Kuznetsov, N. V., Sandblad, L., Hase, M. E., Hunziker, A., Hergt, M., & Cordes, V. C. (2002). The evolutionarily conserved single-copy gene for murine Tpr encodes one prevalent isoform in somatic cells and lacks paralogs in higher eukaryotes. Chromosoma, 111(4), 236-255. doi:10.1007/s00412-002-0208-2.

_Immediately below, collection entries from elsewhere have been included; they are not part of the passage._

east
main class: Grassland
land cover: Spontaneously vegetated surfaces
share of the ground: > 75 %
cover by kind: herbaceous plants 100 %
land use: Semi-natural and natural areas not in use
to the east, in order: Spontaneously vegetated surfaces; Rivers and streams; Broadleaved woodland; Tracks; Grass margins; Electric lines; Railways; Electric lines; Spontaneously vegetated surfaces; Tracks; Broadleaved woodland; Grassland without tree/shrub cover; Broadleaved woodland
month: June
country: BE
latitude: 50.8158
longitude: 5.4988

Cite as: http://hdl.handle.net/11858/00-001M-0000-0028-3D37-7
Abstract
Vertebrate Tpr and its probable homologs in insects and yeast are heptad repeat-dominated nuclear proteins of M(r) 195,000 to M(r) 267,000 the functions of which are still largely unknown. Whereas two homologs exist in Saccharomyces cerevisiae, it has remained uncertain whether metazoans possess different paralogs or isoforms of Tpr that might explain controversial reports on the subcellular localization of this protein. To address these possibilities, we first determined the sequence and structure of the murine tpr gene, revealing a TATA box-less gene of approximately 57 kb and 52 exons. Southern hybridization of genomic DNA and radiation hybrid mapping showed that murine tpr exists as a single-copy gene on chromosome 1; RNA blotting analyses and EST (expressed sequence tag) database mining revealed that its expression results in only one major mRNA in embryonic and most adult tissues. Accordingly, novel antibodies against the N- and C-terminus of Tpr identified the full-length protein as the major translation product in different somatic cell types; reinvestigation of Tpr localization by confocal microscopy corroborated a predominant localization at the nuclear pore complexes in these cells. Antibody specificity and reliability of Tpr localization was demonstrated by post-transcriptional tpr gene silencing using siRNAs that eliminated the Tpr signal at the nuclear periphery but did not affect intranuclear staining of Tpr-unrelated proteins. Finally, we defined several sequence and structural features that characterize Tpr polypeptides in different species and used these as a guideline to search whole-genome sequence databases for putative paralogs of Tpr in higher eukaryotes. This approach resulted in identification of the Tpr orthologs in Arabidopsis thaliana and Caenorhabditis elegans, but also in the realization that no further paralogs of Tpr exist in several metazoan model organisms or in humans. In summary, these results reveal Tpr to be a unique protein localized at the nuclear periphery of the somatic cell in mammals.